I have used the windsurf and they now added this claude 3.7 model for paid user.


It feels a bit like sci-fi to have an AI directly manipulating code on my machine.
Do note, Claude Code is in limited preview right now but not everyone has access yet — and it works under human oversight (thankfully!).
So you still have to review and approve its changes (no skynet scenarios… yet).
But as a glimpse of the future of AI-assisted development it’s incredibly promising.
Improved Coding Prowess
Beyond the fancy new CLI, Claude 3.7 is generally better at coding tasks than its predecessors.
Anthropic did a lot of tweaking under the hood so that Claude understands programming contexts more deeply.
It’s better at following coding instructions, documenting its logic and catching its own mistakes.

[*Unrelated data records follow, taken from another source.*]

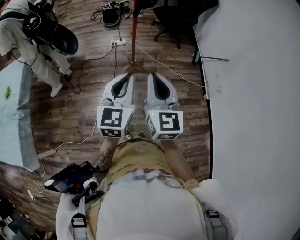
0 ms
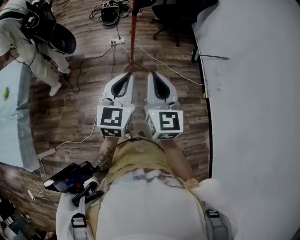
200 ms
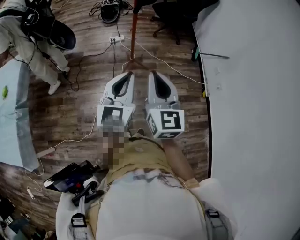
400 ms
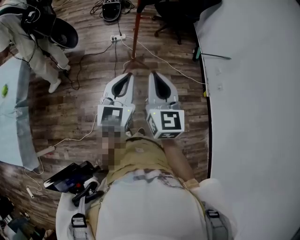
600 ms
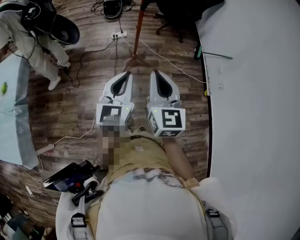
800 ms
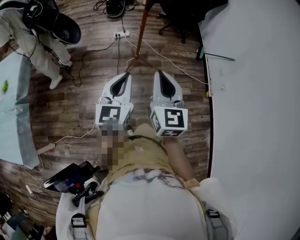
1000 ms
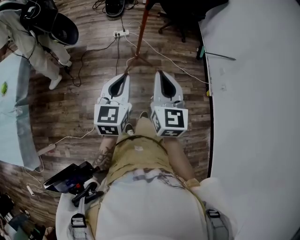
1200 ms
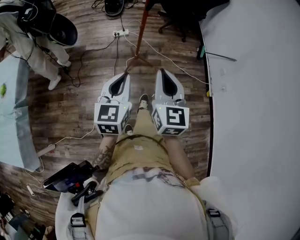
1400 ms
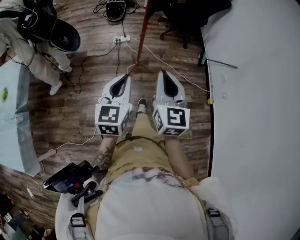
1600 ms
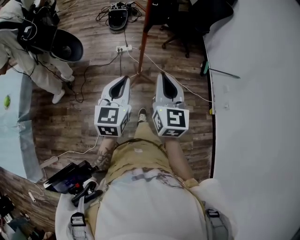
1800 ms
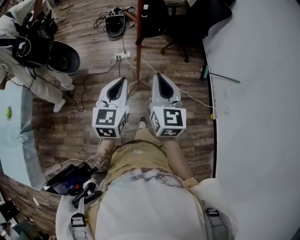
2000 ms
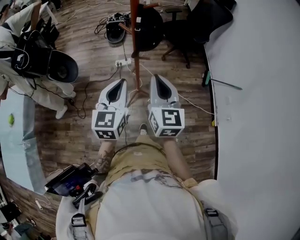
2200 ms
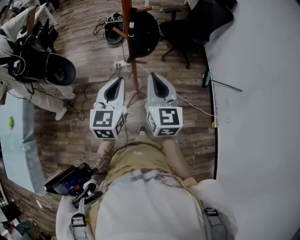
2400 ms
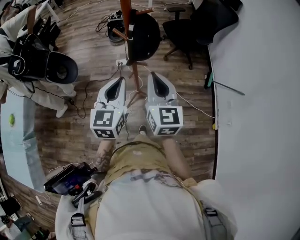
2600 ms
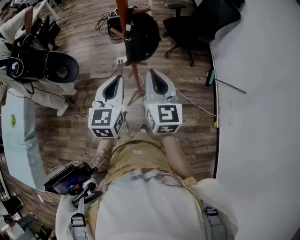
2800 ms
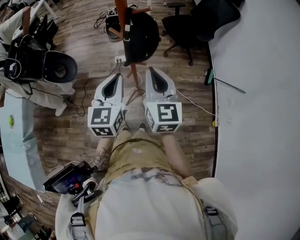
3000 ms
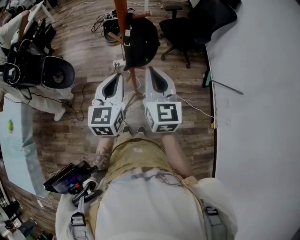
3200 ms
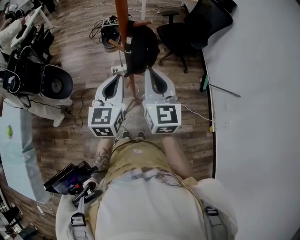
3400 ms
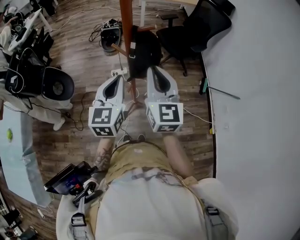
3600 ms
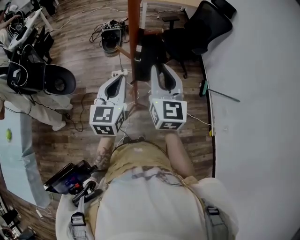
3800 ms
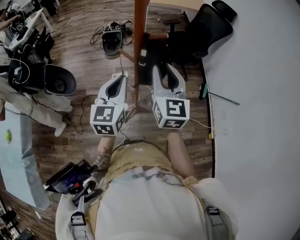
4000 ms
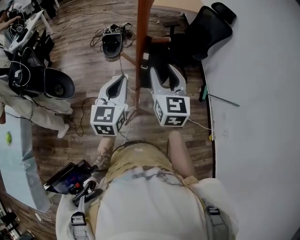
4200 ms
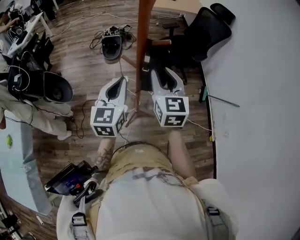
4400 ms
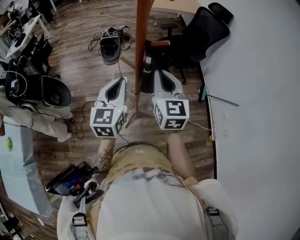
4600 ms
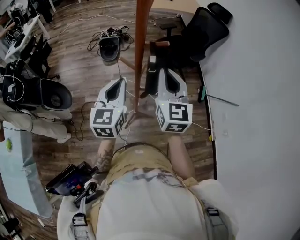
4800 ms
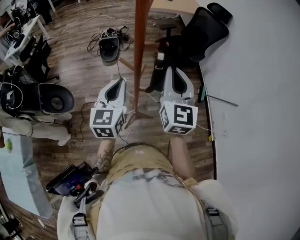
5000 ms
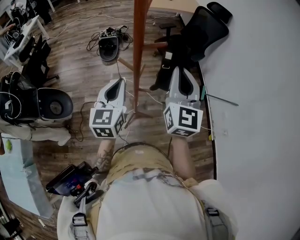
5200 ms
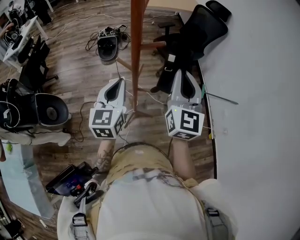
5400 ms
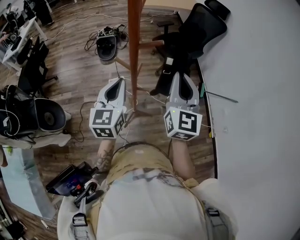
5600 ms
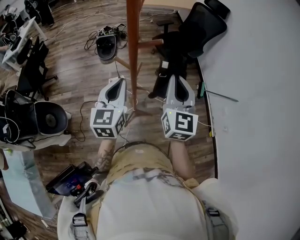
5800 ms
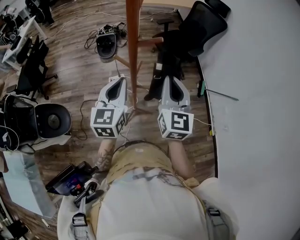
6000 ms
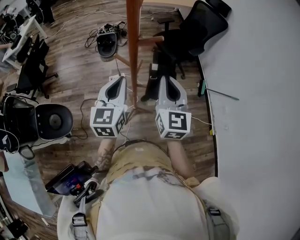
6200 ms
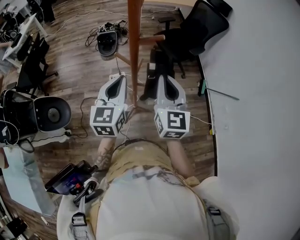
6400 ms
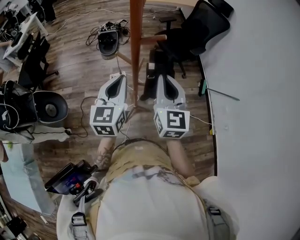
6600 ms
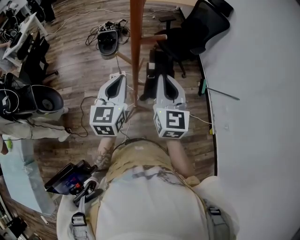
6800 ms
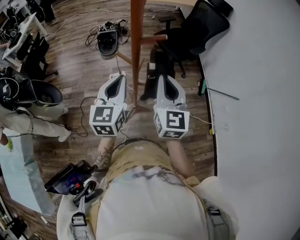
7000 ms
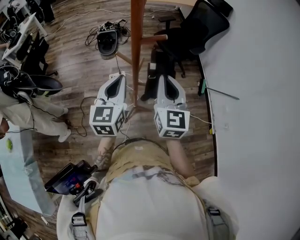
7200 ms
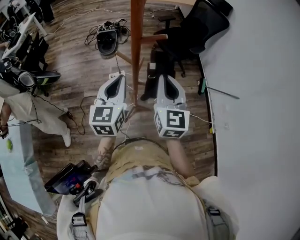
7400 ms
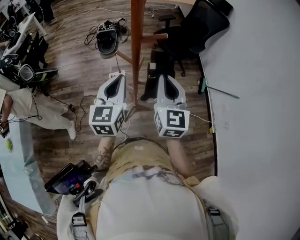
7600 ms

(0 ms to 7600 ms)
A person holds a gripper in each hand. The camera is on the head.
0 ms - 1600 ms: The left gripper shifts roughly 15 cm forward, to the left and downward. Meanwhile the right gripper heads forward, covering about 10 cm.
1600 ms - 3000 ms: The two grippers go roughly 30 cm forward.
3000 ms - 4600 ms: Both grippers move forward, about 5 cm. The right gripper opens, then closes once more.
4600 ms - 6000 ms: The right gripper moves to the right, about 5 cm.
6000 ms - 7600 ms: The grippers move only a little.

In my experience so far I used windsurf with claude 3.5 model and 3.7 and in most of the time, it generates cleaner code with fewer errors.
Early testers noticed it can handle full-stack development tasks with a lot fewer hiccups by meaning everything from front-end components to back-end logic.
This was backed up by Anthropic’s own claims that partner companies found Claude 3.7 to be “best-in-class” for real-world coding — tackling complex codebases and tool use better than other models
I have to say, it does feel like pair programming with a really knowledgeable (and insanely fast) colleague.
I even threw an entire multi-file project at it, and it managed to keep track of the context far better than Claude 3.5 ever did.
Larger Memory (Context Window up to 128K tokens)
If you’ve wrestled with AI models forgetting what you said two pages ago, this upgrade will sound heavenly.
Claude 3.7 can handle 128,000 tokens of context
In plain terms, it can read and remember extremely large documents or codebases. You could feed it entire libraries or a huge code repository and it can still give coherent answers referencing all that information.
This is roughly equivalent to tens of thousands of words (think of a novel-length text). For developers, that means you might not need to chop your code into pieces when asking Claude for help — it can take in the whole project architecture or a massive log file and keep it all in its head.
I tried providing it with a lengthy API documentation file (about 67 pages worth) plus some code and Claude 3.7 was able to draw from both the docs and the code to answer my question about integrating a feature.